Over the past year there has been a tendency to rush to define films made with high competence as masterpieces. Sinners (2025) and One Battle After Another (2025) both had interesting concepts and demonstrated filmmaking that was impressive from a technical standpoint, but each lacked a powerful story strong enough to elevate it to masterpiece status. In an era whose focus has often drifted toward social engineering, audiences have been starved of films that pay deep attention to the craft of filmmaking. So when these films arrive, people mistake that starvation for greatness in a wave of over-excitement.
There is also an element of social contagion behind these reactions. On release, Marty Supreme (2025) was declared the best film of the year and widely predicted to have success at the Oscar’s. However, after some in the arts crowd developed distaste for comments made by Timothée Chalamet suggesting opera and ballet were dying art forms that few people care about anymore, that hype seemed to vanish overnight. Suddenly people didn’t appear quite as convinced that Marty Supreme was as fantastic as they remembered. A film’s success often depends on its relationship with the crowd, and that relationship can be crushed by a comment or controversy completely unrelated to the merit of the work. It illustrates a weakness in the relationship between art and its audience. Admiration for beauty is often conditional, tied to the shifting mood of tribes and cultural groups.
One film I doubt will stir up such controversy, and therefore may enjoy a longer wave of success, is Project Hail Mary. Early reviews are already declaring it a masterpiece, but this feels like another case of over-excitement. The film certainly has all the ingredients for broad audience appeal. You have the charming Ryan Gosling as the lead, an actor with a well-established positive reputation. You also have a WALL-E-style companion character accompanying him on an epic sci-fi journey in which humanity’s survival depends on the actions of one man in space. Add grand visuals and an emotive score, and the result is something that resembles a heartwarming, Interstellar-style epic. So what’s the issue?
My main problem with the film is its tone. We’re presented with a serious existential threat to humanity, yet most of the characters approach the possibility of extinction with surprising lightness. Their attitude seems designed primarily to entertain a family-friendly audience, turbo-charged by Gosling’s character, who is portrayed as a somewhat goofy, immature, happy-go-lucky figure tasked with saving the human race. None of it feels particularly authentic to how people might behave in the real world. Yet this tonal choice exists in many successful family-friendly films that deal with life-threatening situations, such as Jurassic Park (1993).

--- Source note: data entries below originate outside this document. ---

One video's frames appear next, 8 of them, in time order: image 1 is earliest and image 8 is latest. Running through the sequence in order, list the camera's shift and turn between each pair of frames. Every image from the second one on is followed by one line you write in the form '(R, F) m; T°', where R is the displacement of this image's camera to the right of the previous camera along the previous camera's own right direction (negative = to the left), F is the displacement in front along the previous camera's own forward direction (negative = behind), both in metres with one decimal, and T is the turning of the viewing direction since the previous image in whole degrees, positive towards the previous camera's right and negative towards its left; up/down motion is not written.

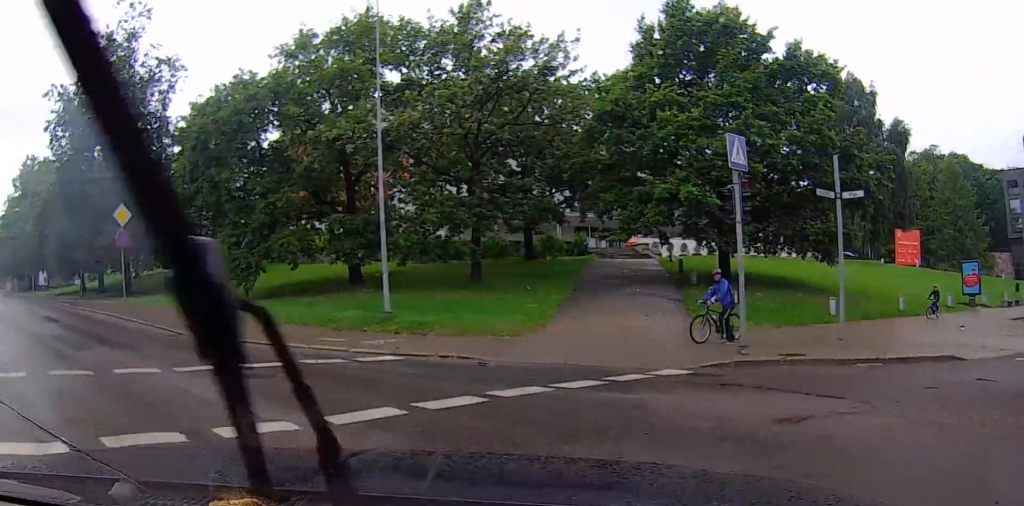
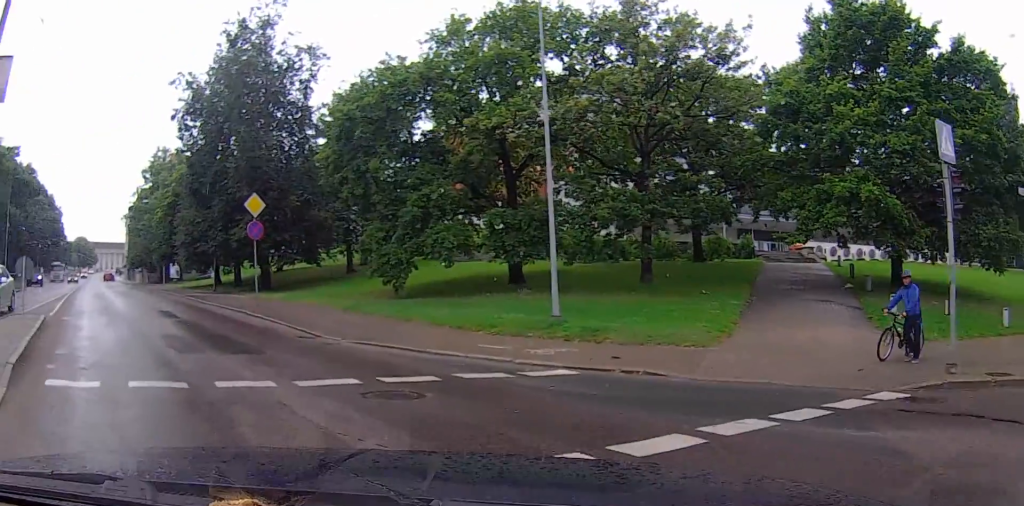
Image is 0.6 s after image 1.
(-0.1, +1.8) m; -17°
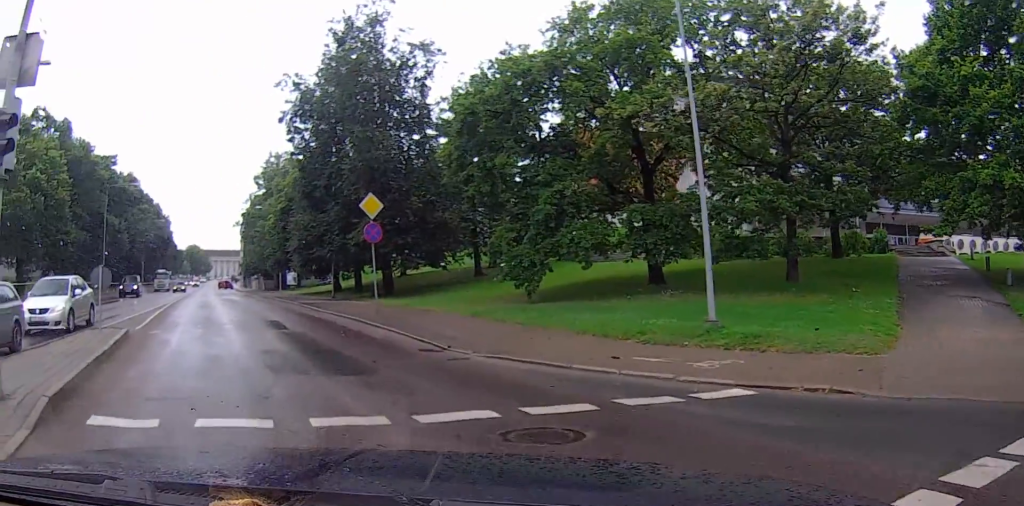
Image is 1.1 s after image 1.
(+0.1, +1.6) m; -14°
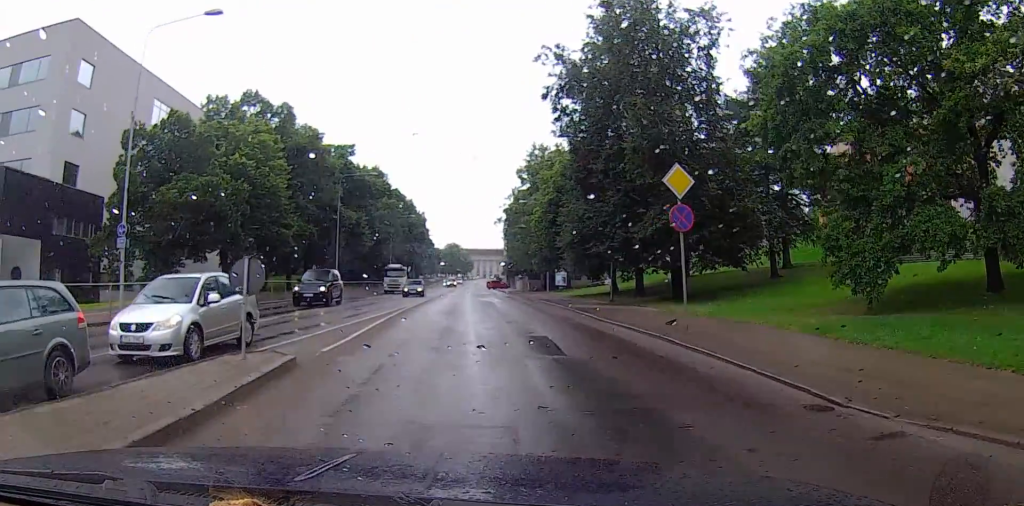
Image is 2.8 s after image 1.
(-2.1, +6.2) m; -22°
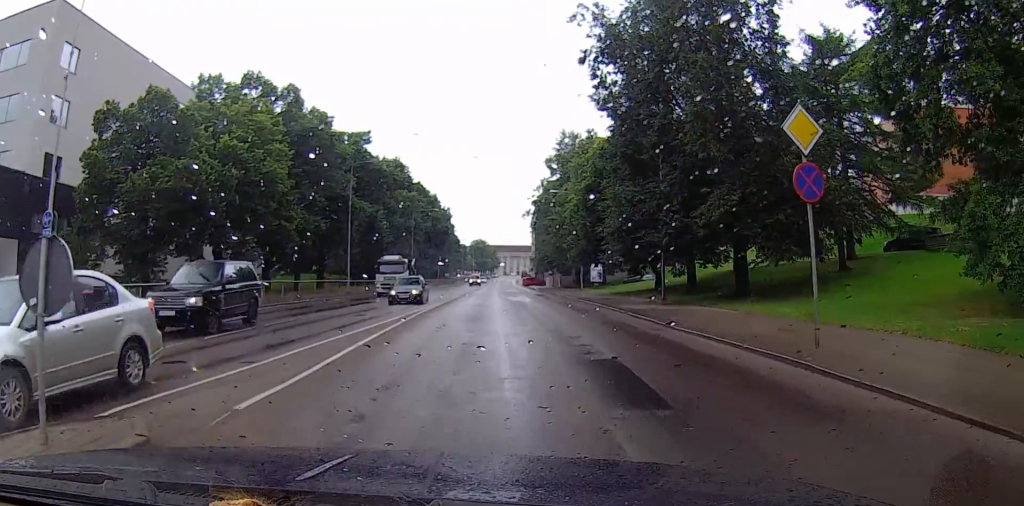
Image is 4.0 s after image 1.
(-0.3, +5.6) m; -2°
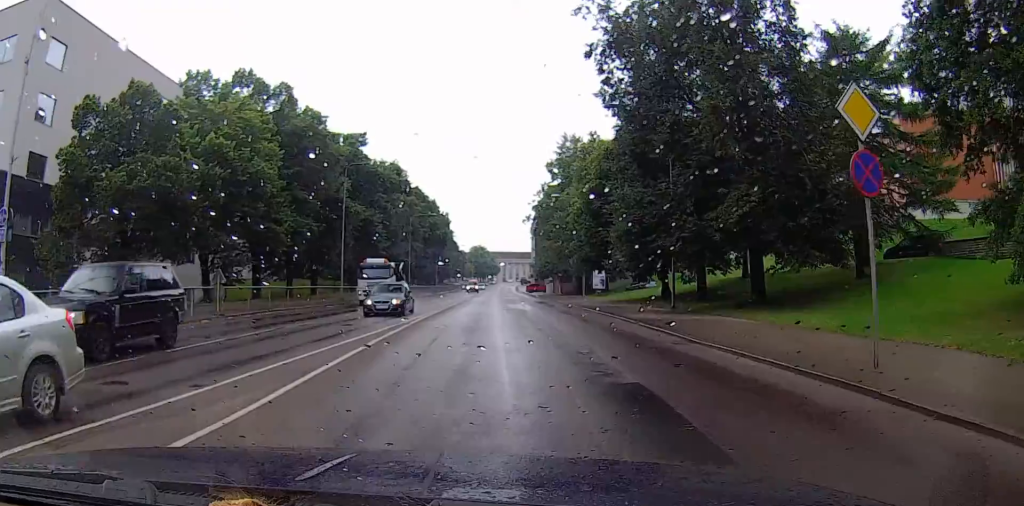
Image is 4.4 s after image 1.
(+0.1, +2.2) m; +1°
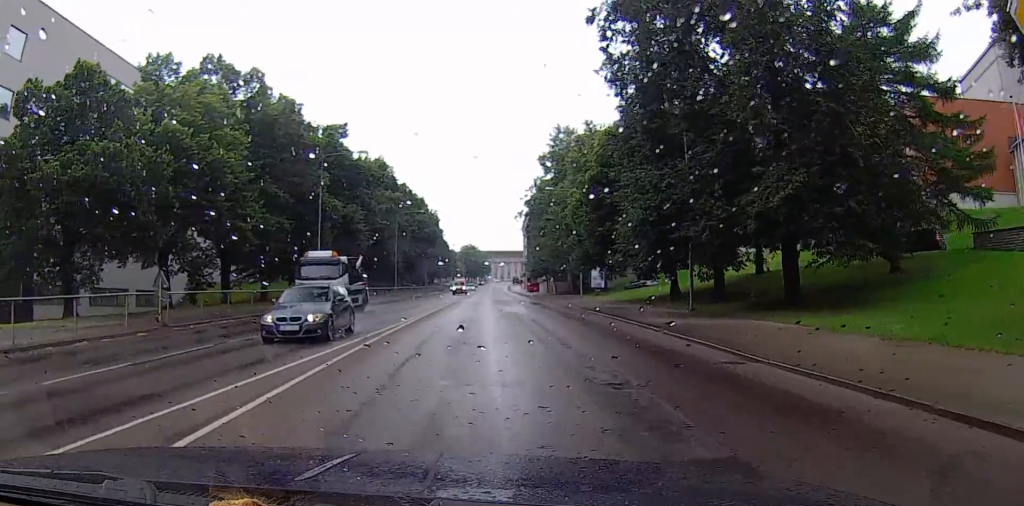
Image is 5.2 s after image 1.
(+0.1, +4.4) m; +2°
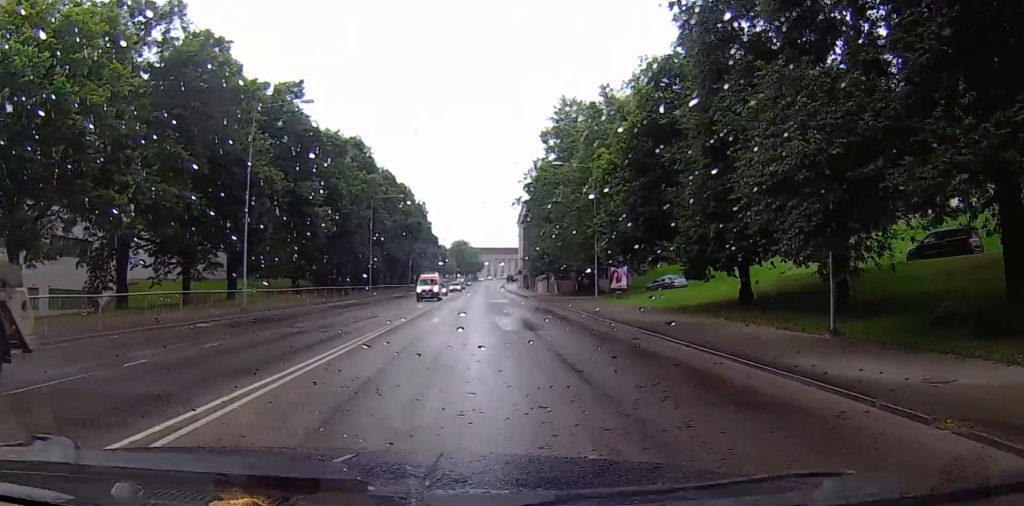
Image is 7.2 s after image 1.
(-0.1, +12.8) m; -6°

Audiences are often willing to forgive a lack of realism when humour and optimism are injected into the equation.
To be fair to the filmmakers of Project Hail Mary, this tone may have been necessary to prevent audiences from becoming bored watching a single man alone in space for long stretches—at least until he encounters the cute, rock-textured alien creature with whom he eventually forms a friendship. And if a human is to bond with such a creature, perhaps a slightly immature chemistry between the two is needed to make the relationship work.
The relationship between Gosling’s character and the creature he calls Rocky ultimately becomes the central focus of the film, even more so than the mission itself. It provides a welcome distraction from trying to dissect the technical mechanics of the plot. I would be lying if I said I didn’t feel some warmth toward Gosling’s character and the emotions building from his friendship with Rocky. The film is clearly designed to pull at your heartstrings. However, because the characters never quite feel authentically grounded in the world they inhabit, the emotional pull never fully lands. Gosling’s character doesn’t feel entirely real, which makes it difficult to fully surrender to the emotions being engineered.
Despite that resistance, emotion is the dominant element throughout the film, largely driven by its score, which is undoubtedly its strongest asset. Composer Daniel Pemberton delivers remarkable work here—so remarkable that the emotion embedded in the music often feels stronger than the emotion generated by the story itself. At times it even evokes the grandeur of the score from The Lord of the Rings film trilogy, though without the same perfect harmony between music and narrative.
What constitutes a masterpiece ultimately depends on individual perception and the standards one applies. For me, a masterpiece requires every element—story, performances, direction, technical craft, and everything beyond—to operate at a high level while working together in harmony. That harmony must feel authentic and logical to the world being presented, producing genuine awe and admiration within the spectator. While certain elements of Project Hail Mary reach that level, not all of them align in a satisfying way, preventing the film from achieving that sense of unity.
If you’re suffering from a famine of truly great cinema and haven’t yet consumed enough examples from film history to develop higher standards, it’s understandable that you might rush to declare Project Hail Mary, Sinners, or One Battle After Another masterpieces. If a film feels like a masterpiece to you, then naturally you’ll describe it that way. The danger lies in applying that label to any film that simply demonstrates competence in the craft of filmmaking. When that happens, the term itself begins to lose its meaning—and we may eventually find ourselves inventing new categories just to preserve the value the word once carried.